We actually have a good mix of C++ plugins as well as Python tools. We also still have some MEL tools, but we've been deprecating that stuff in favor of Python. The C++ plugins do most of the things that need tight integration with the engine, most notably our Viewport 2.0 override plugin that renders the Maya scene with our renderer. There's also plugins for registering a bunch of custom node types as well as their custom attributes, loading asset data, and kicking off GI bakes to our bake farm. We then mostly Python to create our own UI, and also for helper scripts that automate repetitive art and gameplay tasks. Most of our programmers hate working on the C++ plugins, since you have to start up Maya to run them and their API isn't always easy to work with. The Viewport plugin in particular was a *lot* of work, and has a pretty high maintenance cost. We basically have to treat it like an additional platform for our automated graphics tests, since a lot of things go through custom code paths in order to extract the right data from Maya on-the-fly, instead of being processed in our content build pipeline. The artists love it, so we can't get rid of it now. tongue.png

Also: you two should feel free to join the gd.net chat from time to time if you find yourself yerning for an extremely long and one-sided conversation about this. Milk and cookies are ready...at dawn.
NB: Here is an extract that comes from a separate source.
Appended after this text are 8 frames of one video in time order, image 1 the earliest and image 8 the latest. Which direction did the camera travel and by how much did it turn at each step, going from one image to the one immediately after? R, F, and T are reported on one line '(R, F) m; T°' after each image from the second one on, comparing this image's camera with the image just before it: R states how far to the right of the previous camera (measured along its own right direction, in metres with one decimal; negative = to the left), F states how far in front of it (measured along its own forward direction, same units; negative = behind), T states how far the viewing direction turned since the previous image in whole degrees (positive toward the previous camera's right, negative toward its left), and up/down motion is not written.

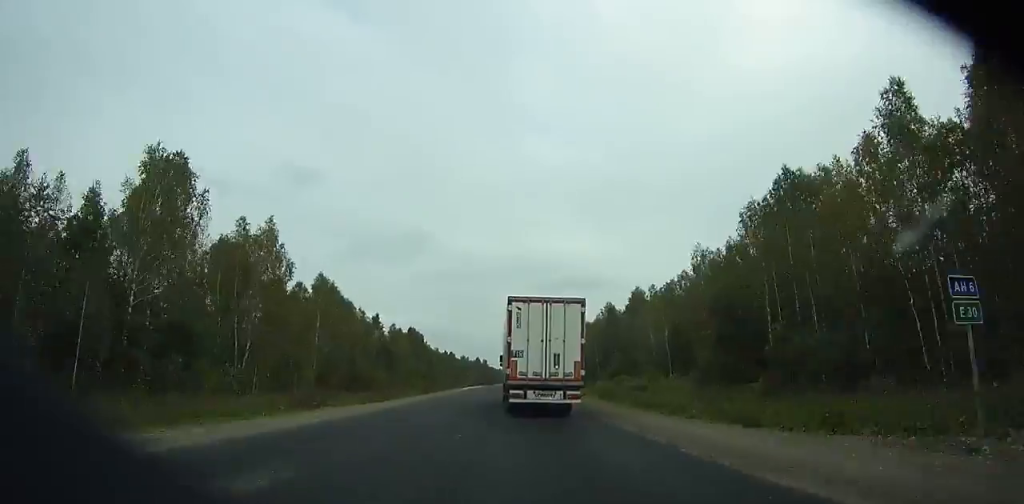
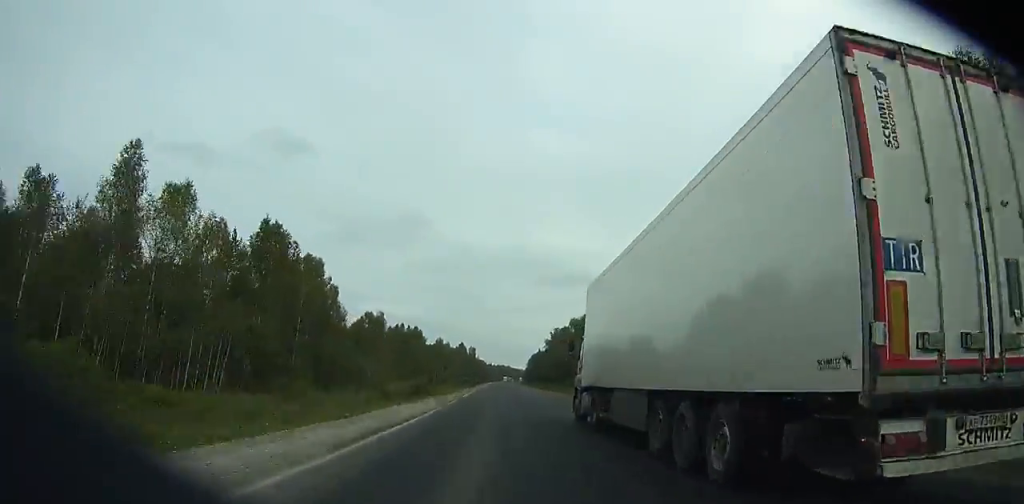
(-0.5, +125.0) m; 0°
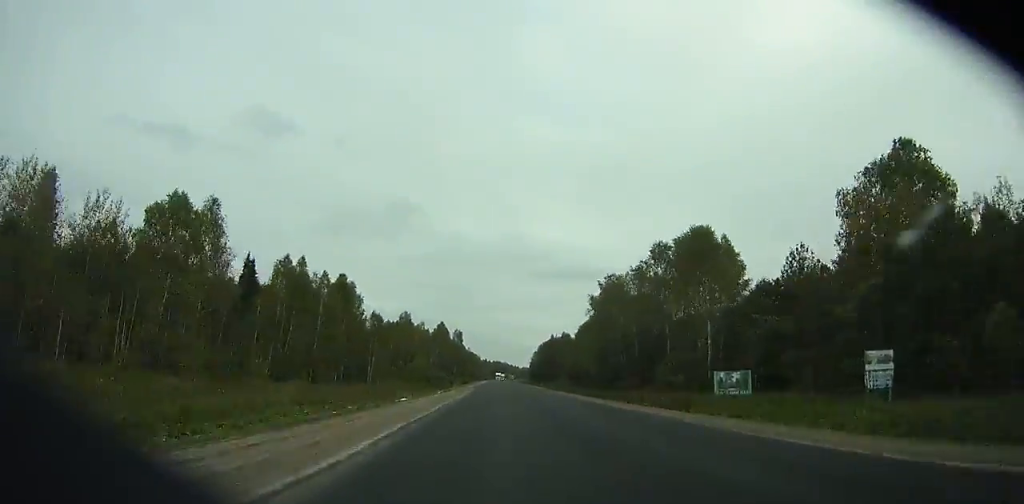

Haha, I'll definitely come by!

There no information about segmentation,paramatrization,box packing algos has been used in The Order 1886. For me it's most complicated part of pre-backed GI implementation.


Indeed, and that's a pretty complex topic on its own. In most cases we just re-use the base parameterization that the artists created for the mesh, instead of automatically computing a new one. We essentially extract each separate UV chart from Maya, and then run a packing algorithm to pack all of the charts from all of the meshes into a set of atlased textures. For The Order this algorithm was complicated and slow, since it tried many different positions and orientations to try to find the tightest fit. However we've since started moving to a simpler algorithm that respects 4x4 BC6H tile boundaries, which has more unused space but is much much faster, and also avoids compression artifacts. I unfortunately didn't do any of the implementation for this part of the pipeline, so I'm not sure if I could give a thorough interview. But perhaps I can convince my coworker to write up a blog post, or something similar.

We're also working on a code sample that bakes SG lightmaps and renders the scene.

Hows this coming along? is it still in the works?